[Items from a dataset]
────
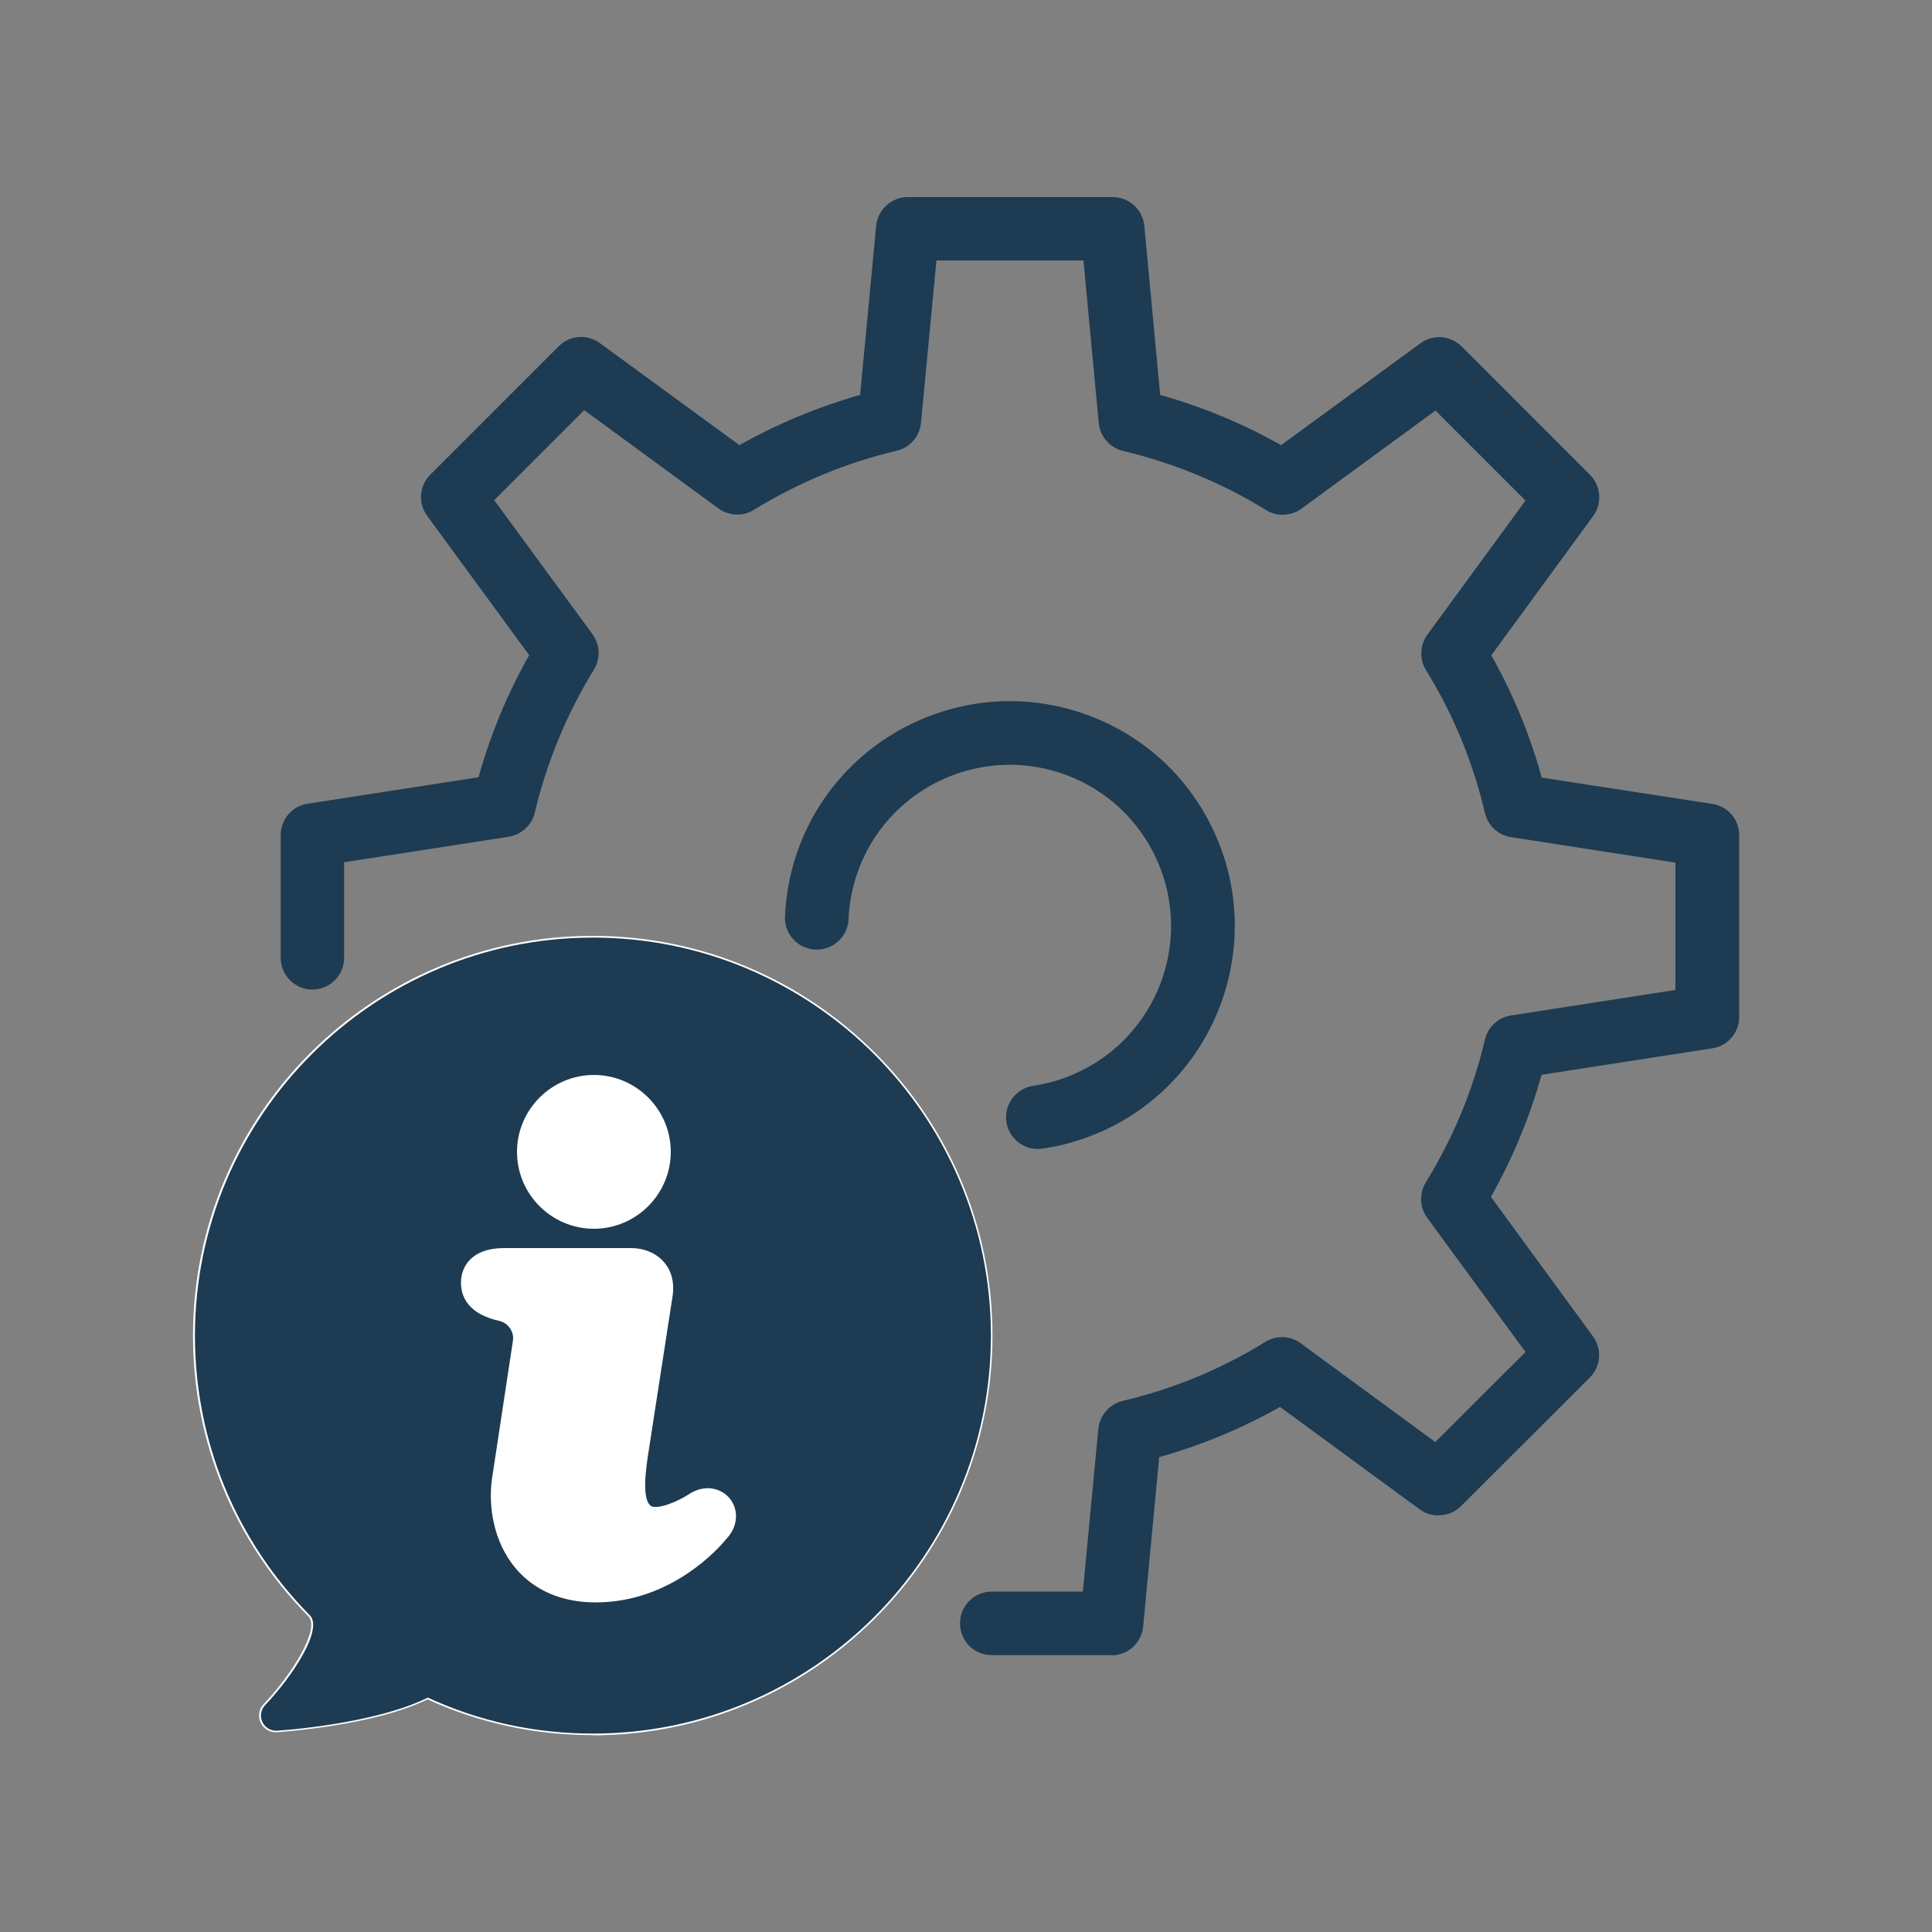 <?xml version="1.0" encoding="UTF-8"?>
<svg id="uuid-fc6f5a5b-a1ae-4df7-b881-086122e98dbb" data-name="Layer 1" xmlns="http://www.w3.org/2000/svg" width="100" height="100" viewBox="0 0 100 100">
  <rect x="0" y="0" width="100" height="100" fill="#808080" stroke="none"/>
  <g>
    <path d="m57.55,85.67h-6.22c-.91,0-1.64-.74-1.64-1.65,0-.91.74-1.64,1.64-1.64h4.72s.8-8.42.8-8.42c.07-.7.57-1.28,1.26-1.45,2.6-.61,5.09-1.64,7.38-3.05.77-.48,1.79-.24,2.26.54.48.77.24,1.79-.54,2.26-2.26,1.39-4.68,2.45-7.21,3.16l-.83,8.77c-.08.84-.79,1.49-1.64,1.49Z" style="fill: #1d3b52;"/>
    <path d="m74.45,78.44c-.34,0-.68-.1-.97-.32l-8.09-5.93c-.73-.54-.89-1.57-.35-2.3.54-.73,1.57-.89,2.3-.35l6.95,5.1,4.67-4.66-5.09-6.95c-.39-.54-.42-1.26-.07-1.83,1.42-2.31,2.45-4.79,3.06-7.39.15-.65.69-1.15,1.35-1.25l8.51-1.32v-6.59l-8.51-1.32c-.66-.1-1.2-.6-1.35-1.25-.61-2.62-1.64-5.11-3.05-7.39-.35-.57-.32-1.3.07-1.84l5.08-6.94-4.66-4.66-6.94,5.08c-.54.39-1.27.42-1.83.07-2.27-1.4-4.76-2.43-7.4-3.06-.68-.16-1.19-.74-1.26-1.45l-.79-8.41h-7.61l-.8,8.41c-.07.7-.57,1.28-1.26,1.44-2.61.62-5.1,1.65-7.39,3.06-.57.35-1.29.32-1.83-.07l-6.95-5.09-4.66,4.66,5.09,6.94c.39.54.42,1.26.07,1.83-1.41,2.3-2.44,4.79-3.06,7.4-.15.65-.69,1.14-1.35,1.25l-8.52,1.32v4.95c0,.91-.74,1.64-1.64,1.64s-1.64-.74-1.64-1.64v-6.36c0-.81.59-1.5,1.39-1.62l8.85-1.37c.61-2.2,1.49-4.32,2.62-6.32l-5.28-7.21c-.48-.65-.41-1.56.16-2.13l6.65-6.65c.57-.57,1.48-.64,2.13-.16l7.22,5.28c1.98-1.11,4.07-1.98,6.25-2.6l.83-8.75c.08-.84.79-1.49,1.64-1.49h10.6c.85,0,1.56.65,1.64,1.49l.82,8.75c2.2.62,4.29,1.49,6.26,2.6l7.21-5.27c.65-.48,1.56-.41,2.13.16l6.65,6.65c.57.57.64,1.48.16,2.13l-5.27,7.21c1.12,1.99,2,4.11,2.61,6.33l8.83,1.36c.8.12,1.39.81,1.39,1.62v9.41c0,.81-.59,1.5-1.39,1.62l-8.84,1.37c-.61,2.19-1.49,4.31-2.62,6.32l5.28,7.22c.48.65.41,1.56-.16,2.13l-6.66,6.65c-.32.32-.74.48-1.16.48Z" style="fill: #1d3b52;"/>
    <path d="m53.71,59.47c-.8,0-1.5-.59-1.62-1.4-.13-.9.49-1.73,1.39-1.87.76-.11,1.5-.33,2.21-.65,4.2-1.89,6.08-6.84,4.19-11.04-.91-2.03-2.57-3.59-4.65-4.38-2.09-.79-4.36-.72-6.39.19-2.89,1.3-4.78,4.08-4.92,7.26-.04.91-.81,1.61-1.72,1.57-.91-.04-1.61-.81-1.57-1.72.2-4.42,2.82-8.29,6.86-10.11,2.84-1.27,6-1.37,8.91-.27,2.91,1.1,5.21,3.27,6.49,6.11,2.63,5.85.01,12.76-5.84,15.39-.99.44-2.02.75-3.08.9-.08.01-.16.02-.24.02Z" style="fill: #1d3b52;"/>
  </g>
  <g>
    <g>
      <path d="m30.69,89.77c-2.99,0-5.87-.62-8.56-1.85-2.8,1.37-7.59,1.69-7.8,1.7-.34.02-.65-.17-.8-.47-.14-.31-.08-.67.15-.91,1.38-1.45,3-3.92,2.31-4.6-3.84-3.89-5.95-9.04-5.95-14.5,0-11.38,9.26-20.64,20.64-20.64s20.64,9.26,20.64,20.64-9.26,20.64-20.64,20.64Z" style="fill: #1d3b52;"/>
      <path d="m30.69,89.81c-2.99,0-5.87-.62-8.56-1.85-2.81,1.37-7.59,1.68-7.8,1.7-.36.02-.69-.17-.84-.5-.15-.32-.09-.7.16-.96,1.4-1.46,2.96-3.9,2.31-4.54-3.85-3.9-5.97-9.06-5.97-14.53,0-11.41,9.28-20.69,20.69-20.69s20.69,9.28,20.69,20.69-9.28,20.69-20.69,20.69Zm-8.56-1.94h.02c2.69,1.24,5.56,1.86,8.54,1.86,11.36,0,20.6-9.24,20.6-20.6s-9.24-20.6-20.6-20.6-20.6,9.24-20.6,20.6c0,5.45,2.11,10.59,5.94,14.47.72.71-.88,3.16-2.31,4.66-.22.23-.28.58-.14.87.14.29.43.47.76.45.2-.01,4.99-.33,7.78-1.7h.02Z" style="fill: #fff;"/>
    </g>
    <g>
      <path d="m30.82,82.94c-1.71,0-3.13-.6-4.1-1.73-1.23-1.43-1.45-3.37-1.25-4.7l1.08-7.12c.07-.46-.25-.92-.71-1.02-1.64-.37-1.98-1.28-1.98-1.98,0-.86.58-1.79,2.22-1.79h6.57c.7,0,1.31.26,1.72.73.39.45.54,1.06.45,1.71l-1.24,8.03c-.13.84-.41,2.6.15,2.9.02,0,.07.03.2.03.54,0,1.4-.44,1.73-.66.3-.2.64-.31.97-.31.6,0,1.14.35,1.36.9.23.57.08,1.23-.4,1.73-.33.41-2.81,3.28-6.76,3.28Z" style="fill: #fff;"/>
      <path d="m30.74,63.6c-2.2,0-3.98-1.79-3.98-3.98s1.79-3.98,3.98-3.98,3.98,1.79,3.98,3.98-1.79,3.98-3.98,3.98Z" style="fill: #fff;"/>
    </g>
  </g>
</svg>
────
The data above must be copied exactly. Leave out the pictures.

 <?xml version="1.0" encoding="UTF-8"?>
<svg id="uuid-fc6f5a5b-a1ae-4df7-b881-086122e98dbb" data-name="Layer 1" xmlns="http://www.w3.org/2000/svg" width="100" height="100" viewBox="0 0 100 100">
  <rect x="0" y="0" width="100" height="100" fill="#808080" stroke="none"/>
  <g>
    <path d="m57.55,85.67h-6.22c-.91,0-1.64-.74-1.64-1.65,0-.91.74-1.64,1.64-1.64h4.72s.8-8.42.8-8.42c.07-.7.57-1.28,1.26-1.45,2.6-.61,5.09-1.64,7.38-3.05.77-.48,1.79-.24,2.26.54.48.77.24,1.79-.54,2.26-2.26,1.39-4.68,2.45-7.21,3.16l-.83,8.77c-.08.84-.79,1.49-1.64,1.49Z" style="fill: #1d3b52;"/>
    <path d="m74.45,78.44c-.34,0-.68-.1-.97-.32l-8.09-5.93c-.73-.54-.89-1.57-.35-2.3.54-.73,1.57-.89,2.3-.35l6.95,5.1,4.67-4.66-5.09-6.95c-.39-.54-.42-1.26-.07-1.83,1.42-2.31,2.45-4.79,3.06-7.39.15-.65.69-1.15,1.35-1.25l8.51-1.32v-6.59l-8.51-1.32c-.66-.1-1.2-.6-1.35-1.25-.61-2.62-1.64-5.11-3.05-7.39-.35-.57-.32-1.3.07-1.84l5.08-6.94-4.66-4.66-6.94,5.08c-.54.39-1.27.42-1.83.07-2.27-1.4-4.76-2.43-7.4-3.06-.68-.16-1.19-.74-1.26-1.45l-.79-8.41h-7.61l-.8,8.41c-.07.7-.57,1.28-1.26,1.44-2.61.62-5.1,1.65-7.39,3.06-.57.35-1.29.32-1.83-.07l-6.95-5.09-4.66,4.66,5.09,6.94c.39.54.42,1.26.07,1.83-1.41,2.3-2.44,4.79-3.06,7.4-.15.65-.69,1.14-1.35,1.25l-8.52,1.32v4.95c0,.91-.74,1.64-1.64,1.64s-1.64-.74-1.64-1.64v-6.36c0-.81.59-1.5,1.39-1.62l8.85-1.37c.61-2.2,1.49-4.32,2.62-6.32l-5.28-7.21c-.48-.65-.41-1.56.16-2.13l6.65-6.65c.57-.57,1.48-.64,2.13-.16l7.22,5.28c1.98-1.11,4.07-1.98,6.25-2.6l.83-8.75c.08-.84.79-1.49,1.64-1.49h10.6c.85,0,1.56.65,1.64,1.49l.82,8.75c2.2.62,4.29,1.49,6.26,2.6l7.21-5.27c.65-.48,1.56-.41,2.13.16l6.65,6.65c.57.57.64,1.48.16,2.13l-5.27,7.21c1.12,1.99,2,4.11,2.61,6.33l8.83,1.36c.8.12,1.39.81,1.39,1.62v9.41c0,.81-.59,1.5-1.39,1.62l-8.84,1.37c-.61,2.19-1.49,4.31-2.62,6.32l5.28,7.22c.48.65.41,1.56-.16,2.13l-6.66,6.65c-.32.32-.74.48-1.16.48Z" style="fill: #1d3b52;"/>
    <path d="m53.71,59.47c-.8,0-1.5-.59-1.62-1.4-.13-.9.49-1.73,1.39-1.87.76-.11,1.5-.33,2.21-.65,4.2-1.89,6.08-6.84,4.19-11.04-.91-2.03-2.57-3.59-4.65-4.38-2.09-.79-4.36-.72-6.39.19-2.89,1.3-4.78,4.08-4.92,7.26-.04.91-.81,1.61-1.72,1.57-.91-.04-1.61-.81-1.57-1.72.2-4.42,2.82-8.29,6.86-10.11,2.84-1.27,6-1.37,8.91-.27,2.91,1.1,5.21,3.27,6.49,6.11,2.63,5.85.01,12.76-5.84,15.39-.99.44-2.02.75-3.08.9-.08.01-.16.02-.24.02Z" style="fill: #1d3b52;"/>
  </g>
  <g>
    <g>
      <path d="m30.69,89.77c-2.99,0-5.87-.62-8.56-1.85-2.8,1.37-7.59,1.69-7.8,1.7-.34.02-.65-.17-.8-.47-.14-.31-.08-.67.15-.91,1.38-1.45,3-3.92,2.31-4.6-3.84-3.89-5.95-9.04-5.95-14.5,0-11.38,9.26-20.64,20.64-20.64s20.64,9.26,20.64,20.64-9.26,20.64-20.64,20.64Z" style="fill: #1d3b52;"/>
      <path d="m30.69,89.81c-2.99,0-5.87-.62-8.56-1.85-2.81,1.37-7.59,1.68-7.8,1.7-.36.02-.69-.17-.84-.5-.15-.32-.09-.7.16-.96,1.4-1.46,2.96-3.9,2.31-4.54-3.85-3.9-5.97-9.06-5.97-14.53,0-11.41,9.28-20.69,20.69-20.69s20.69,9.28,20.69,20.69-9.28,20.69-20.69,20.69Zm-8.56-1.94h.02c2.69,1.24,5.56,1.86,8.54,1.86,11.36,0,20.6-9.24,20.6-20.6s-9.24-20.6-20.6-20.6-20.6,9.24-20.6,20.6c0,5.45,2.11,10.59,5.94,14.47.72.71-.88,3.16-2.31,4.66-.22.23-.28.58-.14.87.14.29.43.47.76.45.2-.01,4.99-.33,7.78-1.7h.02Z" style="fill: #fff;"/>
    </g>
    <g>
      <path d="m30.82,82.94c-1.71,0-3.13-.6-4.1-1.73-1.23-1.43-1.45-3.37-1.25-4.7l1.08-7.12c.07-.46-.25-.92-.71-1.02-1.64-.37-1.98-1.28-1.98-1.98,0-.86.58-1.79,2.22-1.79h6.57c.7,0,1.31.26,1.72.73.39.45.54,1.06.45,1.71l-1.24,8.03c-.13.84-.41,2.6.15,2.9.02,0,.07.03.2.03.54,0,1.4-.44,1.73-.66.3-.2.64-.31.97-.31.6,0,1.14.35,1.36.9.23.57.08,1.23-.4,1.73-.33.41-2.81,3.28-6.76,3.28Z" style="fill: #fff;"/>
      <path d="m30.74,63.6c-2.2,0-3.98-1.79-3.98-3.98s1.79-3.98,3.98-3.98,3.98,1.79,3.98,3.98-1.79,3.98-3.98,3.98Z" style="fill: #fff;"/>
    </g>
  </g>
</svg>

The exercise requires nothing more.